Playing the Korean playoff against the Kia Tigers and winning 2–0 but losing to Samsung Lions 1–3 and winning the league third place.

===2005===
He played for Uni-President Lions of Taiwan's Chinese Professional Baseball League in , where he was nicknamed "Al-Qaeda". He hit 15 home-runs in 44 games, with a batting average of .330, but was released for reasons never fully explained by the management. He later played with the Mexican team Rojos del Águila de Veracruz, posting a .281 with five home runs and 15 RBI in just 27 games.
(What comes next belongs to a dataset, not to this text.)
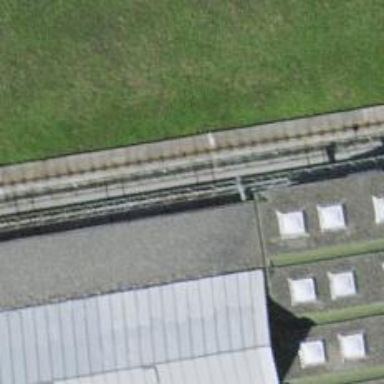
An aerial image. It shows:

He then joined Rojos del Águila de Veracruz in July in the late part for the league playoffs fight but his team was disqualified by Tigres de la Angelópolis.
Alcántara also played four games for the New Jersey Jackals of the independent Canadian-American Association of Professional Baseball, homering on 10 August before being released on 15 August.

===2007===
Alcántara contributed with the Colombian team Caimanes de Barranquilla 2007–08 league championship, when he hit a home run in the 10th inning of the fourth game of the best-of-7 series that his team swept.

==Winter league==
Alcantara played for the Dominican team Tigres del Licey from 1994–95 to the 2004–05 season, winning the 2004 Caribbean Series and the All-Star team selection. He led the Dominican Professional Baseball League in home runs in the 1999-00 season with six, and had 10 HR with 34 RBI and the 2002–03 when he hit 9 HR and had produced 21 RBI. He was released by Licey after hitting .171 with only 4 homers, but surpassing Alonzo Perry with 47 home runs with the Licey uniform and played with Leones del Escogido in the 2005–06 and finally with Estrellas Orientales and later for Gigantes del Cibao for the 2006–07 season, retiring in fourth place with 52 HR in the Dominican league. He acted as assistant coach for Tigres del Licey in the 2009–10 season.

Since 2015, Alcantara acted as assistant coach for Leones del Escogido and became a Christian.